Salle 5, Site Marcelin Berthelot
Open to all

Data challenges

The Challenge data website provides data processing challenges using supervised learning. This seminar introduces some of the challenges used in the lecture. These challenges are proposed by companies or scientists, and are based on concrete problems they encounter in their work. They are part of a spirit of scientific exchange, with the sharing of data and algorithms. The data made available is non-confidential, and participants' algorithmic reports can be made available to all, if they so wish, after the close of the season.

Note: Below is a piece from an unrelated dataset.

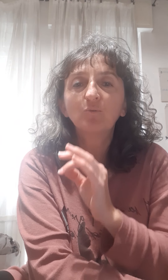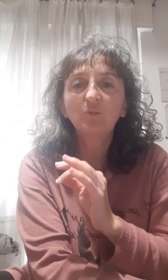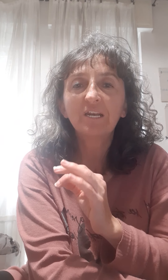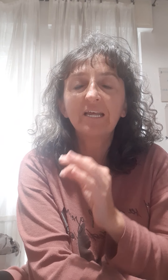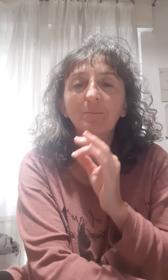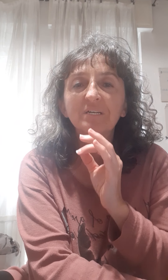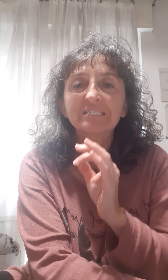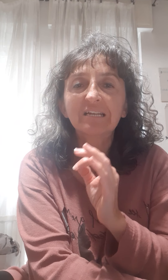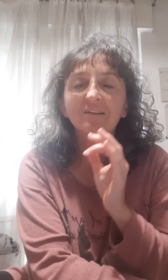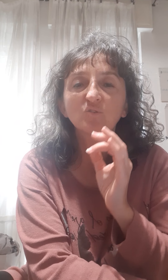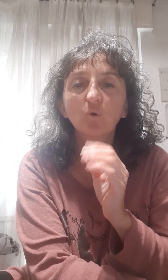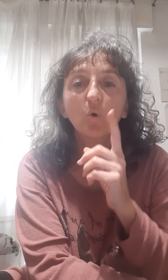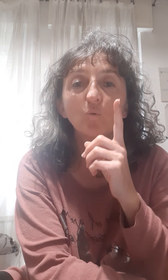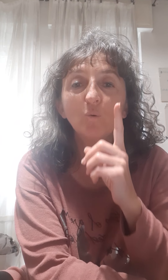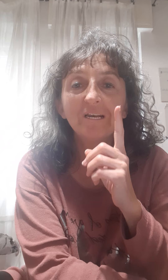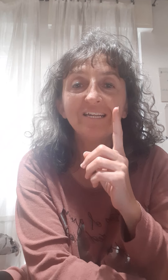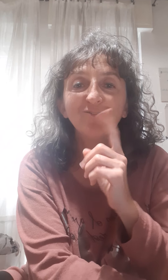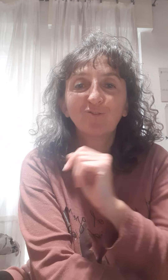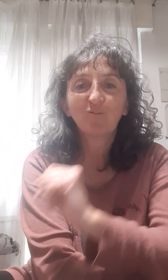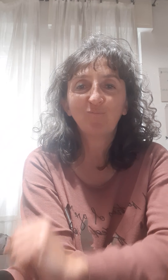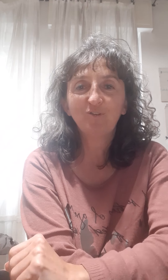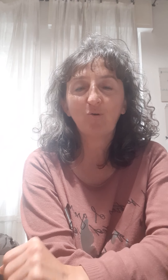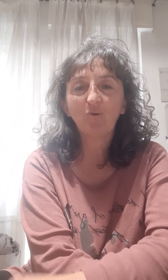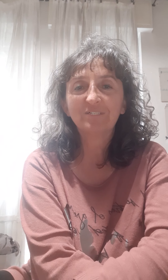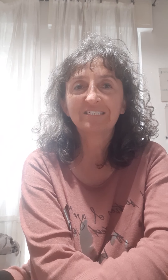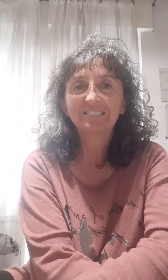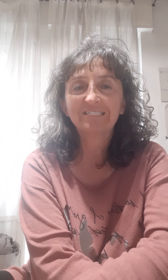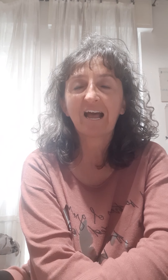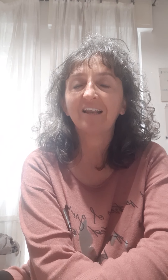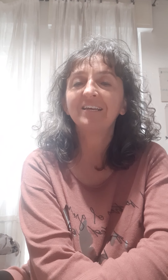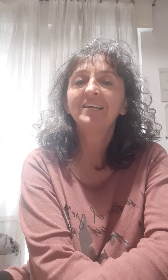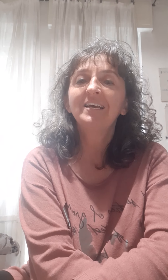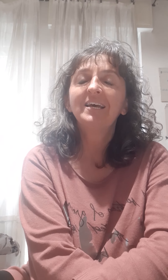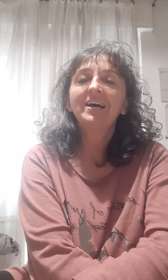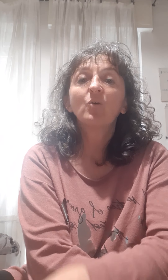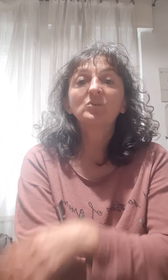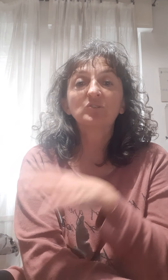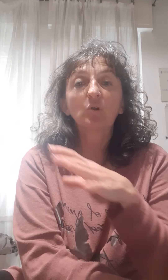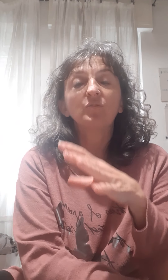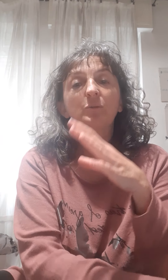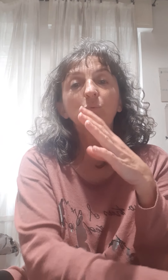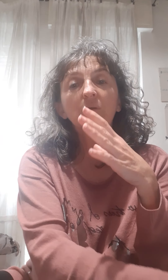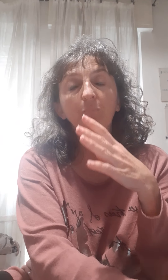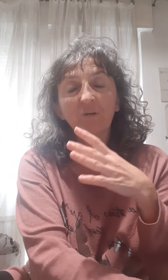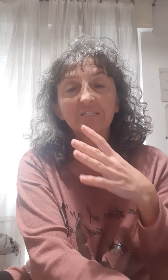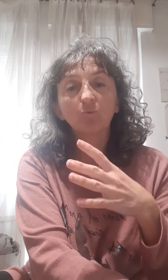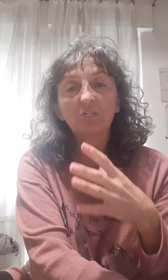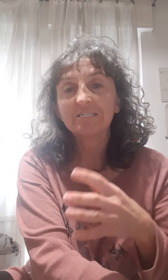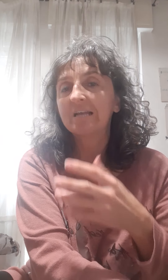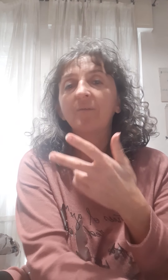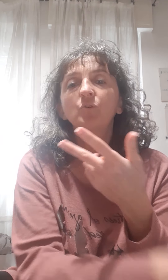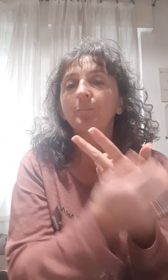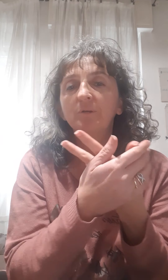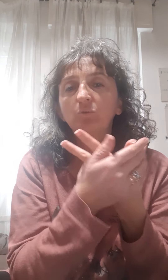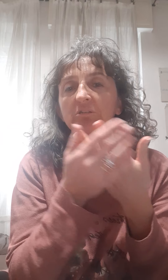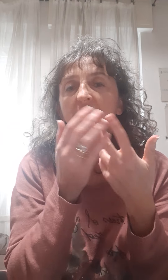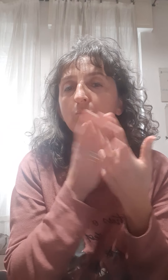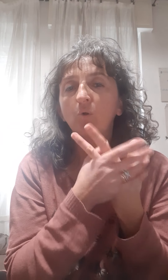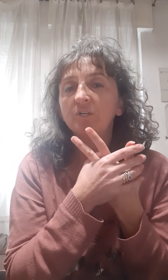ottenere, per estrarre solo un litro di olio essenziale. Quest'olio può essere utilizzato per tutti e tre modi,

The challenges cover a wide spectrum of applications, including images, sounds, texts, medical data, physical measurements and Internet data. Each challenge provides labelled data, as well as test data. Participants submit their predictions calculated on the test data to the website. The site calculates a score with a specified error metric. It provides a ranking for participants, enabling their results to be assessed in a wider community. Challenges begin on January1, 2018. An intermediate closing takes place in June with an evaluation of predictions on new test data. The final closing is in December, with a prize-giving ceremony in January 2019.

Challenges 2018

This year's challenges were organized and supervised at ENS by Mathieu Andreux, Tomas Anglès, Georgios Exarcharkis, Louis Thiry, John Zarka and Sixin Zhang. The organization of these data challenges is supported by the CFM Chair at the École normale supérieure, and by the Fondation des sciences mathématiques de Paris.

During this first session, the following six challenges were presented:

  • " Predicting volatility on financial markets ", presented by Éric Lebigot of Capital Fund Management. The aim of the challenge is to predict the end-of-day volatility of US equities based on their historical beginning-of-day returns.
  • " Celebrity identification ", presented by Antoine Chassang from Reminiz. The aim is to identify faces appearing in videos from a reference dictionary of celebrity faces.
  • " Prediction of hourly electricity production by production unit in France ", presented by Alexi Bergès from Wattstrat. The aim is to predict the hourly electricity production of each production unit in France, based on regional renewable demand and production curves, as well as the hourly availability of production units.
  • " Prediction of complaints during e-commerce transactions ", presented by Vincent Michel of PriceMinister - Rakuten France. The aim is to predict whether or not an e-commerce transaction will give rise to a claim, and if so, of what type, based on the characteristics of the transaction.
  • " Prediction of expected response to pharmaceutical questions ", presented by Emmanuel Bilbault from Posos. The aim is to categorize pharmaceutical questions according to the type of response expected.
  • " Predicting the energy performance of buildings ", presented by Sylvain Le Corff from Oze-Energies. The aim is to predict energy consumption and indoor building temperatures based on outdoor temperatures and a reduced number of parameters describing the building's structure and settings.